Hi guys, newbie here. Just want to thank you for the info and wiring diagrams here as it just helped me solve an issue I had with a 66 tri-power rag top that belongs to Jim Wangers. I have been working on his cars for 17 years. This will be my new source for needed info on future repairs.

I can post pictures of this car if anyone wants to see.

Kind regards, 

Robert Rossello-Robs auto repair, Vista, CA.


----------



## 66tempestGT (Nov 28, 2009)

please do


----------



## ALKYGTO (Mar 29, 2010)

Well yeah, post em up.


----------



## Robsauto2 (Jun 27, 2011)

Here ya go


----------



## Instg8ter (Sep 28, 2010)

immaculate...but i would expect nothing less. Must have been fun at Pontiac R&D when they were designing these monsters.


----------



## 66tempestGT (Nov 28, 2009)

that engine must be painted with imeron. the car looks awsome.


----------



## Robsauto2 (Jun 27, 2011)

If you want a good read, pick up his book, "The glory days". Its has a lot of good street racing stories from back in the day and documents his time with GM, Chrysler and Ford.


----------



## Rukee (Feb 8, 2007)

Nice lookin car, thanks for sharing.


----------



## geeteeohguy (Feb 2, 2008)

Great car, and welcome to the forum. I hope Jim Wangers' 85th birthday was a hit this weekend and he's doing well....I was unable to attend, but some friends went. I've met him at the Madera Pontiac/Olds show a couple of times and had some great discussions with him....talk about getting it straight from the source!! Rukee, great to hear from you! Figured you were busy with "real" stuff.
Jeff


----------



## Eric Animal (Oct 28, 2007)

Beautiful car...my first car was a 1966 GTO convert. 4spd.....bought it in 1976 for $400 it was in good shape too, with 93,000 miles!!!! Happy Birthday Mr. Wangers! Ericarty:


----------



## Robsauto2 (Jun 27, 2011)

geeteeohguy said:


> Great car, and welcome to the forum. I hope Jim Wangers' 85th birthday was a hit this weekend and he's doing well....I was unable to attend, but some friends went. I've met him at the Madera Pontiac/Olds show a couple of times and had some great discussions with him....talk about getting it straight from the source!! Rukee, great to hear from you! Figured you were busy with "real" stuff.
> Jeff


I was told it was quite a big turnout for his party. Live band, catered, and a whole bunch of awesome Pontiac's. I was unable to make it as well. He is in great health and still goes in to work daily.

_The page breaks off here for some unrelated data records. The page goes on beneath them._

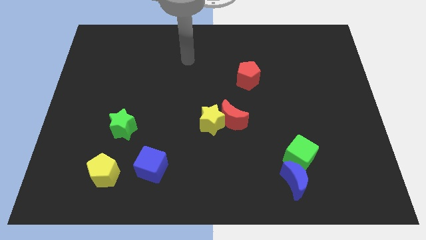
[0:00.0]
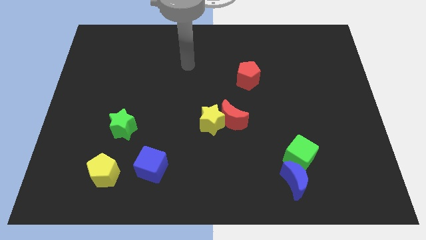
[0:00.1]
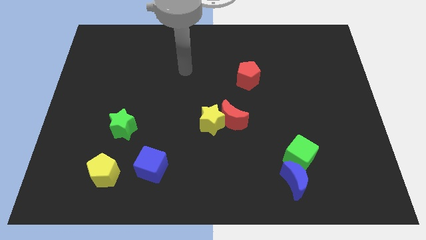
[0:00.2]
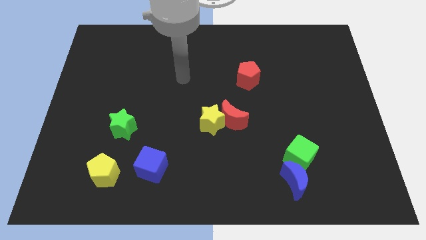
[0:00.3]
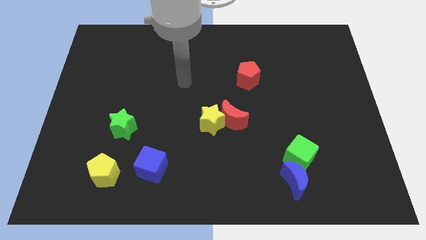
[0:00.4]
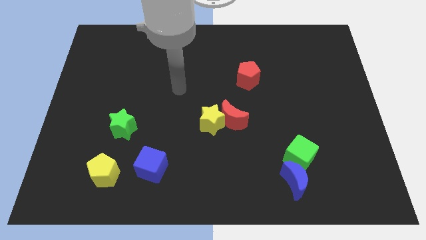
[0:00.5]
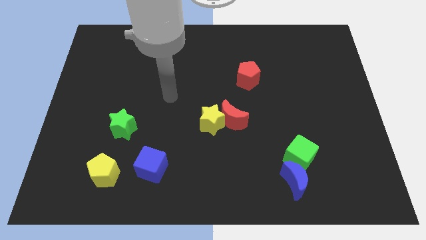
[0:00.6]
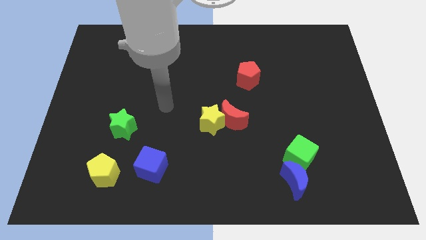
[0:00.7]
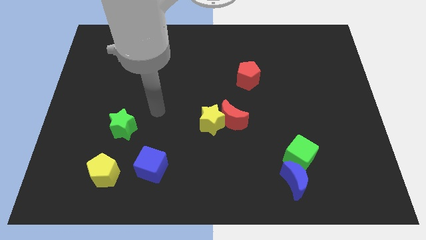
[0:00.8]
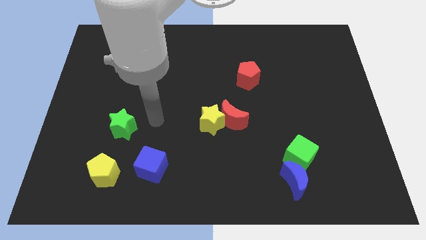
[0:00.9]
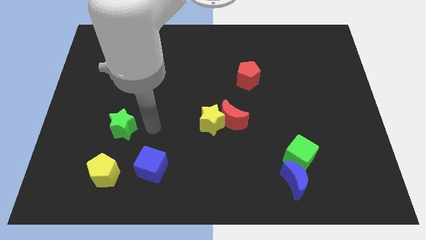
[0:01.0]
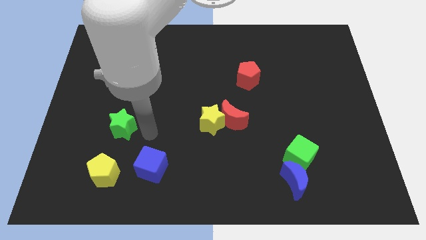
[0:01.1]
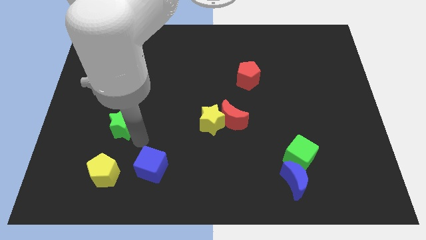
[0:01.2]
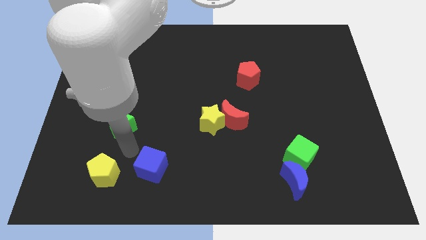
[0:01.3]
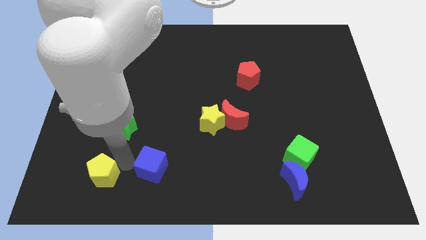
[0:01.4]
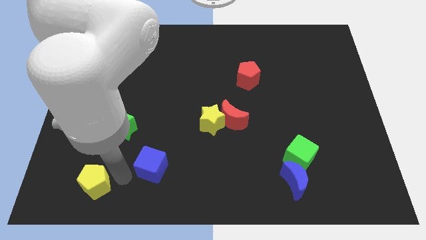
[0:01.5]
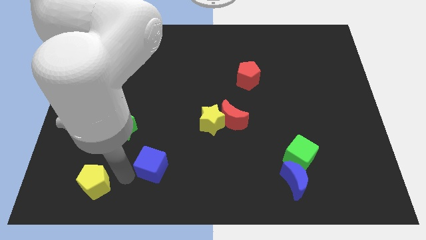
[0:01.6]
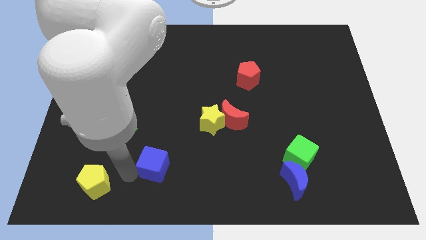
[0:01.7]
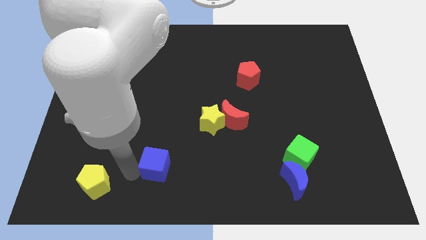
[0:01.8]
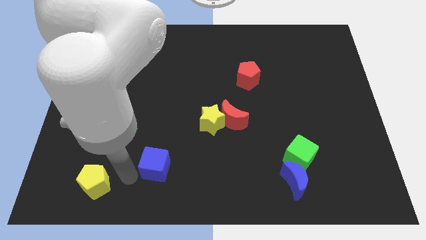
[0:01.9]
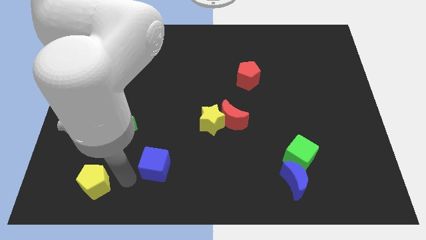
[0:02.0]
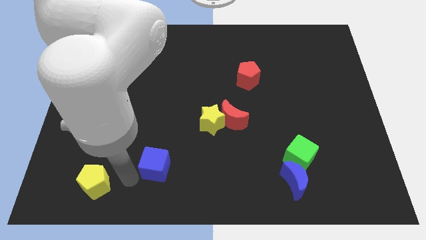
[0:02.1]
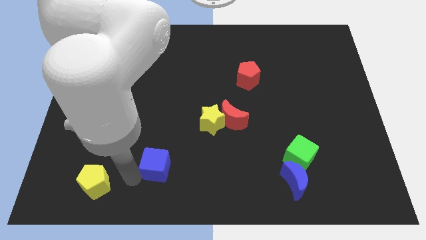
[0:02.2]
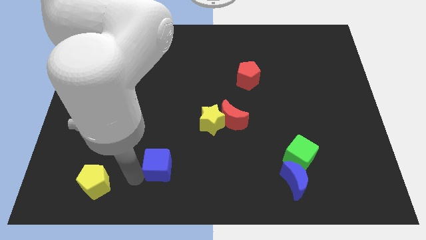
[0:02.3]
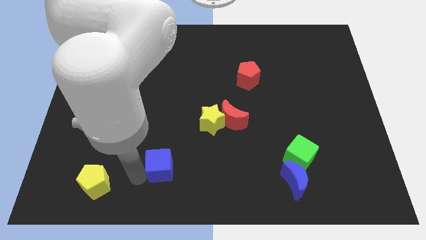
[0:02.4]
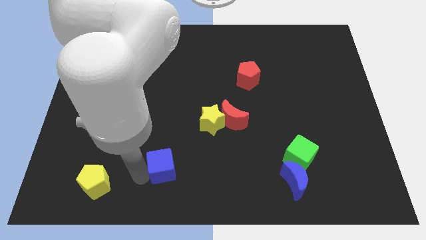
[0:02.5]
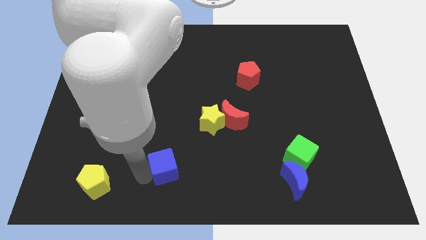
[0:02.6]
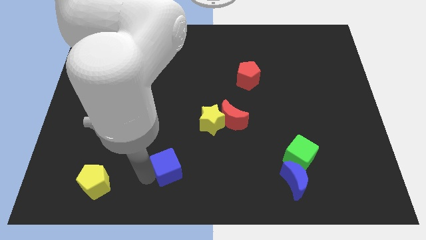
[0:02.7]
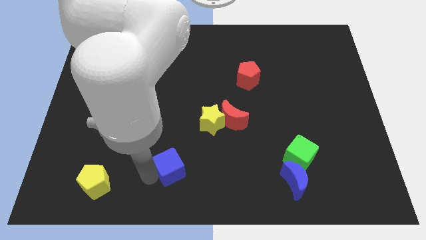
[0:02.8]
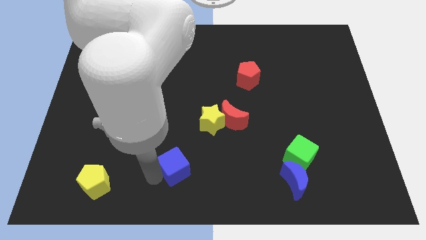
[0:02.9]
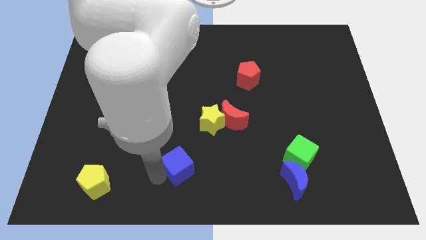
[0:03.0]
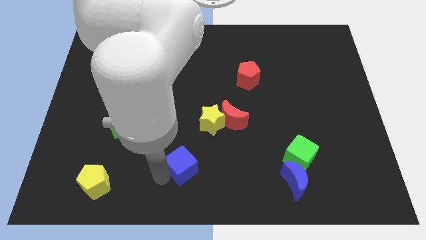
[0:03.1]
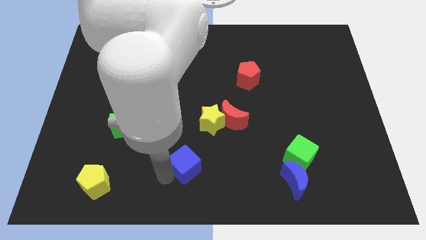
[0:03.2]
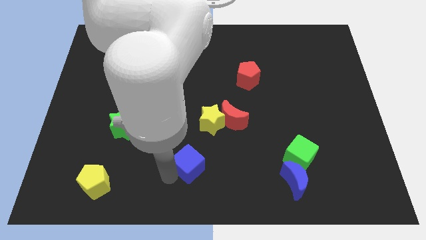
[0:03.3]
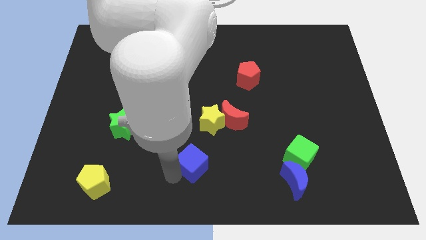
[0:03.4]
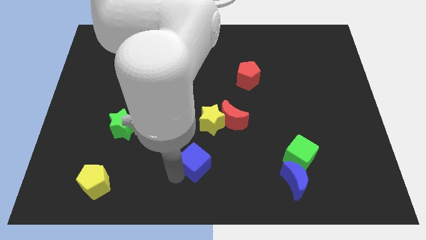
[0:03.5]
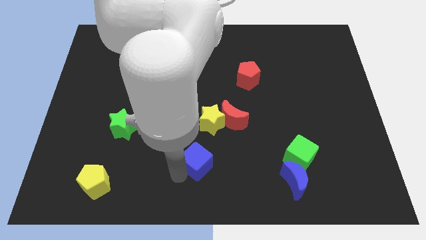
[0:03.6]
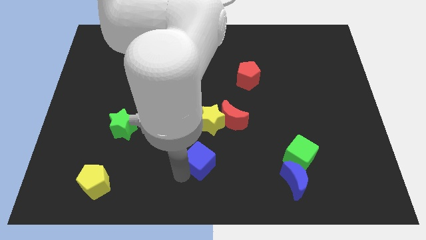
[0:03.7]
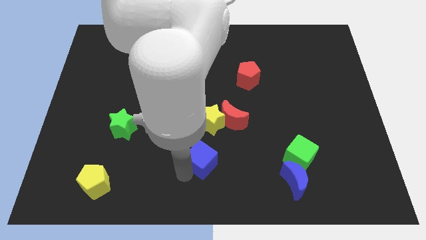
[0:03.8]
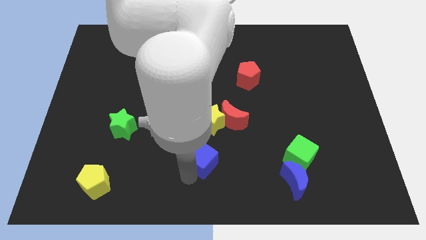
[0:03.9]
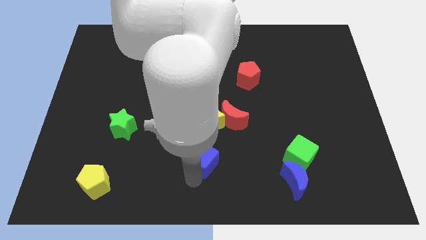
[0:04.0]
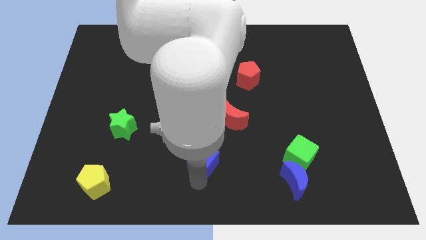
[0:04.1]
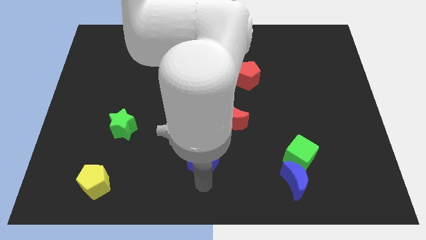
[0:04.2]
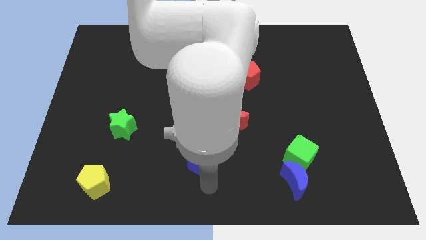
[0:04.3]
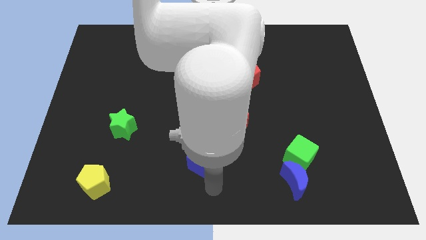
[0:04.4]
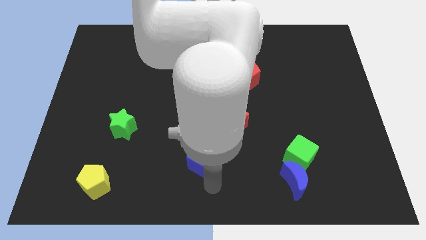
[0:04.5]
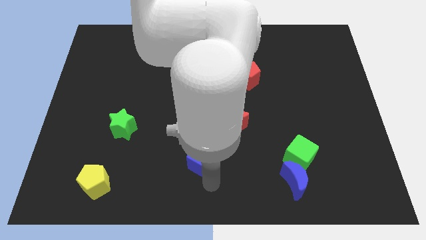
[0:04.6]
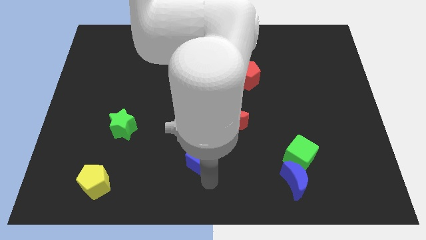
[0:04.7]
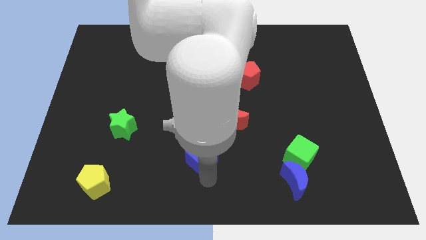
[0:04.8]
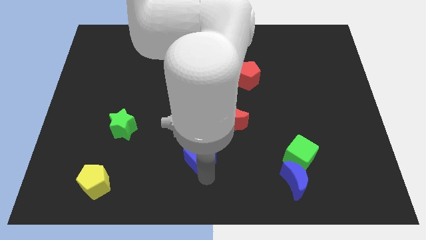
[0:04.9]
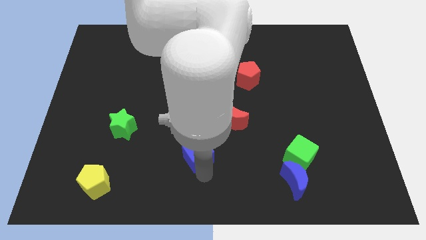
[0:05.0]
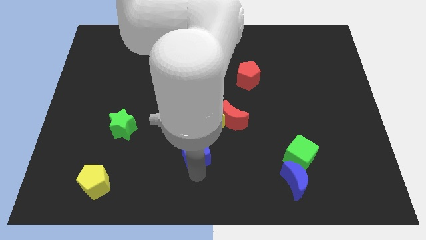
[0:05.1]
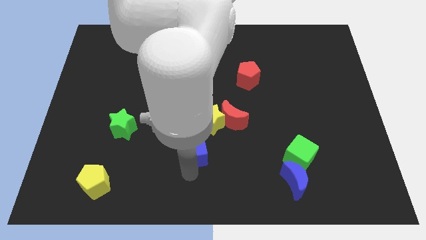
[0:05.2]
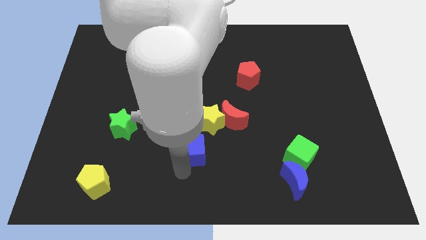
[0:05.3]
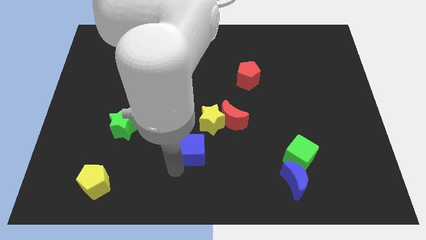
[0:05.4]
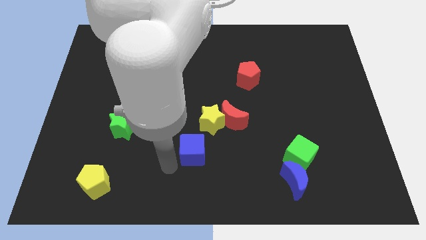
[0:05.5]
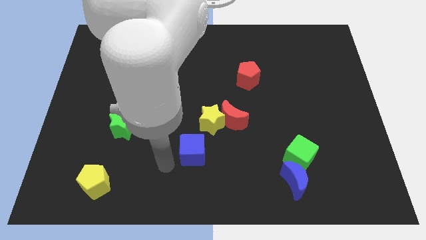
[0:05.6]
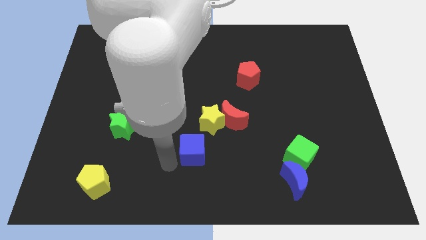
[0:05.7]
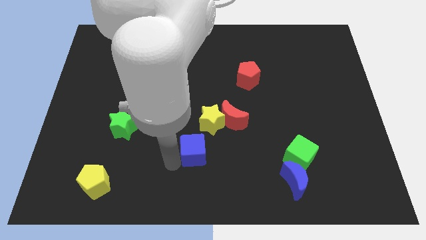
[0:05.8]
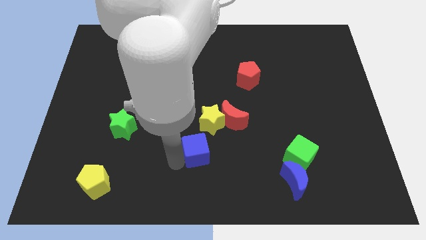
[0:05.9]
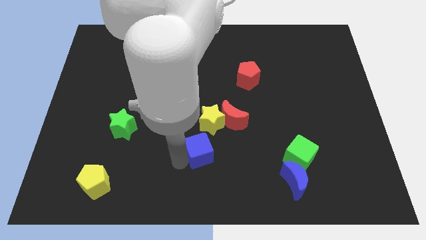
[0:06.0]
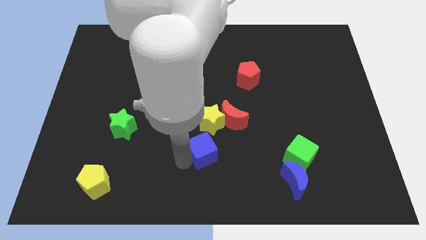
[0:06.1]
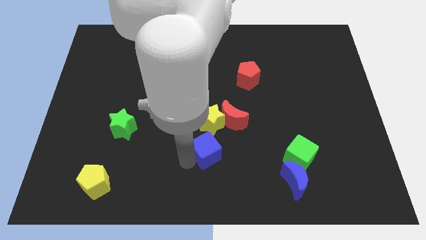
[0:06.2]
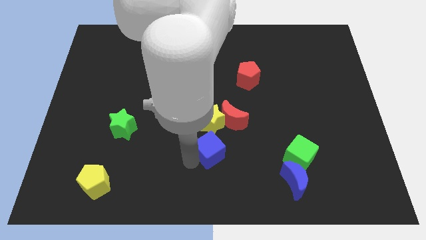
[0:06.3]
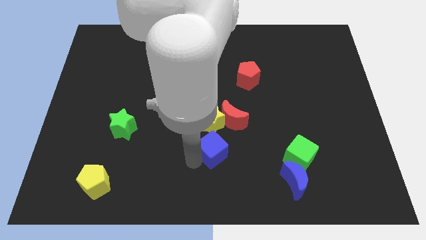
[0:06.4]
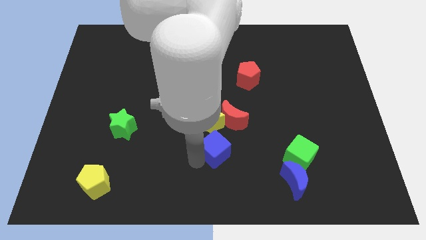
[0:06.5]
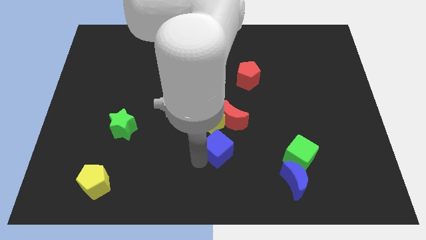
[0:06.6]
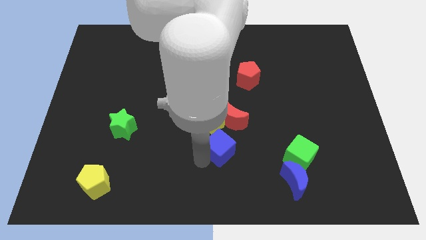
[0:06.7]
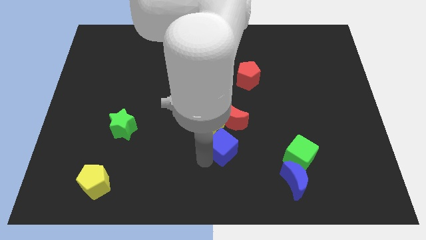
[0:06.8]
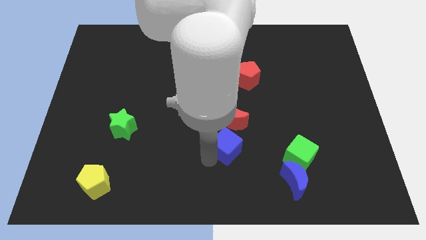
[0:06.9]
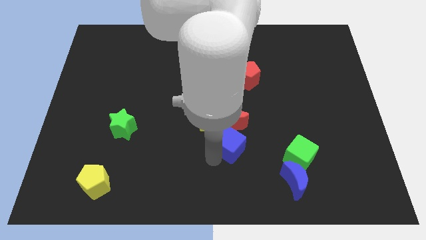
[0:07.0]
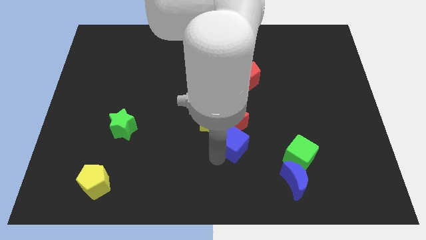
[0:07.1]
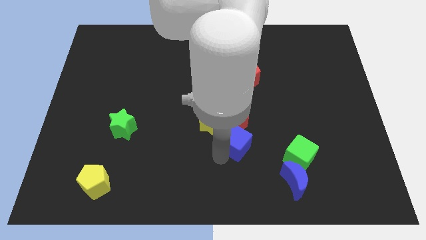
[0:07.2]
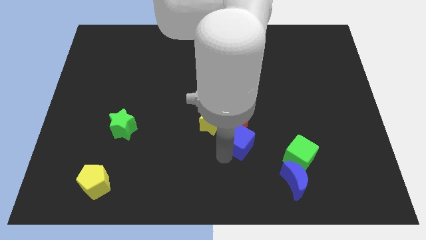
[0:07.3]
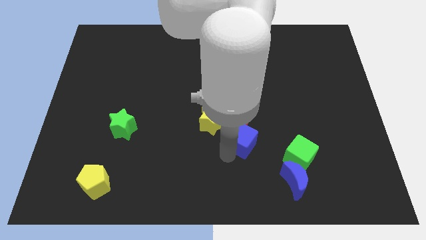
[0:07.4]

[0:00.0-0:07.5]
push the blue cube close to the red moon

Jim is one of the nicest people you will ever meet, never says anything bad about anyone and is a great conversationalist. Truly one of a kind.


----------



## geeteeohguy (Feb 2, 2008)

Thanks for the update, Robs, and glad to hear JW is thriving. A real class act, that's for sure. I am amazed and impressed that he takes the time out of his schedule to appear at small local car shows far from his home. He was there on 'day one' and is a walking history encyclopedia as well as a to-the-core 'car guy' and gentleman.


----------



## Robsauto2 (Jun 27, 2011)

Eric Animal said:


> Beautiful car...my first car was a 1966 GTO convert. 4spd.....bought it in 1976 for $400 it was in good shape too, with 93,000 miles!!!! Happy Birthday Mr. Wangers! Ericarty:


400.00? Wow that really is amazing. Who would have ever thought back then these would be worth so much? I remember those days, the 1973 and 1978 gas crunch...About that time, I almost bought a 67 vette, 427 tri-power, marina blue 4-speed car, all orignal for 5K.

He was begging to get rid of it to buy some econo box vega or something. Gawd I was a fool. I would give my left testie for that car right about now...


----------